Industry Alliance Urges EU Electrification Action Plan to Deliver Affordable Power and Stronger Industrial Competitiveness

Industry Alliance Urges EU Electrification Action Plan to Deliver Affordable Power and Stronger Industrial Competitiveness

(IN BRIEF) Cefic and the Alliance of Energy Intensive Industries have presented a joint position paper outlining recommendations for the European Union’s upcoming Electrification Action Plan, warning that high and volatile electricity prices are undermining industrial competitiveness and slowing decarbonisation. Representing sectors employing around 2.6 million people, the industries call for a policy framework that ensures affordable and predictable electricity, including a benchmark target of €50/MWh for industrial power costs. The proposal also includes continued emissions cost compensation, investment in electricity grids, improved energy market functioning and stronger cross-border energy integration. The industries stress that electrification can only progress if energy prices become competitive and stable, enabling investment in low-carbon technologies and supporting Europe’s industrial base.
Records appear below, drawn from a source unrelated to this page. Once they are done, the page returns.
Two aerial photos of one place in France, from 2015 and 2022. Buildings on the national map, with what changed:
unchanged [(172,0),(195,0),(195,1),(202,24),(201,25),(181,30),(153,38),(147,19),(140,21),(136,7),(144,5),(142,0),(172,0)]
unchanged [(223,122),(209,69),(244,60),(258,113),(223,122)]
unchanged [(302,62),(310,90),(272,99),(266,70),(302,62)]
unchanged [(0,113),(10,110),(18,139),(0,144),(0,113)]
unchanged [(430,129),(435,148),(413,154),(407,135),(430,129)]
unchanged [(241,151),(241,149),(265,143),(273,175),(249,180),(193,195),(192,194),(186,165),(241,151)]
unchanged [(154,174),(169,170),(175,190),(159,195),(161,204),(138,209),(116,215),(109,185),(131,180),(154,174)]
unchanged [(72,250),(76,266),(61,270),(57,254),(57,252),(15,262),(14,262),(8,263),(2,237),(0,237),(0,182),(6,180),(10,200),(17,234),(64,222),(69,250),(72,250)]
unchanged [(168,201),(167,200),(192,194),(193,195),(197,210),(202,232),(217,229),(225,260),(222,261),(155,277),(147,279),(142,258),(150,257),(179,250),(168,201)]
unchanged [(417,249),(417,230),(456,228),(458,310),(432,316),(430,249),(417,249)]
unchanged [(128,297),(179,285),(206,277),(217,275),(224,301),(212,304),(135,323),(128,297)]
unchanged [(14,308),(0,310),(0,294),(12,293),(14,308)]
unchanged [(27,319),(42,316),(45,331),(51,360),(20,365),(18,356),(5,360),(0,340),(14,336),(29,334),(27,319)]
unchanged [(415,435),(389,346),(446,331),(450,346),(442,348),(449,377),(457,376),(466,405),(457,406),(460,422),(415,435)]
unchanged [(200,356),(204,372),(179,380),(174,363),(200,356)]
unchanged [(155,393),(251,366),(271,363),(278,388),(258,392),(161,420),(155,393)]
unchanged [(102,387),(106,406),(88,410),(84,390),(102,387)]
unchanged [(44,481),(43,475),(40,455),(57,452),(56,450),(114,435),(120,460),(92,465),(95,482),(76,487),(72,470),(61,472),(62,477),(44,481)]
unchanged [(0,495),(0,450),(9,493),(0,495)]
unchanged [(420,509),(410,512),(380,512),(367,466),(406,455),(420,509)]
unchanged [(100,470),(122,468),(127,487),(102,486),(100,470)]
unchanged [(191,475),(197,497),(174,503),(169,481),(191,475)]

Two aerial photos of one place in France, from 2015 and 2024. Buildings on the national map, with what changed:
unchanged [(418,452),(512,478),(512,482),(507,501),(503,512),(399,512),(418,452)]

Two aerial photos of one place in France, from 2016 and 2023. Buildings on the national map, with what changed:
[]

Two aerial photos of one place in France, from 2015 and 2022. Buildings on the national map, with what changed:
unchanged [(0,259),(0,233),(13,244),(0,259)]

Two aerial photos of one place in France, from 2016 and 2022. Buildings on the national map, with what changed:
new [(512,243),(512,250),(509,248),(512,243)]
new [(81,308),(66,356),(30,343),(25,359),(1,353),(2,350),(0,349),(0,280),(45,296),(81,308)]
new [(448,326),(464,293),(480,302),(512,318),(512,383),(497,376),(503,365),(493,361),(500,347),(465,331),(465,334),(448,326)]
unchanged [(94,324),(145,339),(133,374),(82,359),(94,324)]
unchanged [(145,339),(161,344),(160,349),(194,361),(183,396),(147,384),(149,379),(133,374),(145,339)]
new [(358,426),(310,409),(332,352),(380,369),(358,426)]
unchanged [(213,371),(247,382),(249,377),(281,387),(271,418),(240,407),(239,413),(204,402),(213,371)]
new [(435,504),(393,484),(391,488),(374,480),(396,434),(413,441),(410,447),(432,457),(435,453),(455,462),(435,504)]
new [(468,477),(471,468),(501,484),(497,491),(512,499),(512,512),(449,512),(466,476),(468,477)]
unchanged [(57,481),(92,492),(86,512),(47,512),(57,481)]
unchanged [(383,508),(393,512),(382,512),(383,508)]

(PRESS RELEASE) BRUSSELS, 24-Feb-2026 — /EuropaWire/ — Cefic and other members of the Alliance of Energy Intensive Industries have outlined a series of policy recommendations aimed at ensuring that the European Union’s forthcoming Electrification Action Plan effectively stimulates electricity use across industrial sectors. In a joint position paper, the industries caution that persistently high electricity prices threaten both industrial competitiveness and decarbonisation progress, and they urge the European Union to establish a policy framework that supports both climate objectives and economic resilience.

Energy-intensive industries support approximately 2.6 million jobs across the European Union and play a vital role in strategic value chains. Despite this importance, progress in industrial electrification has remained limited since the energy price crisis, while the competitiveness gap between European industry and global competitors has widened. Structural challenges such as high and volatile electricity prices continue to affect production decisions, contributing to reduced output, facility closures and postponed investments in low-carbon technologies.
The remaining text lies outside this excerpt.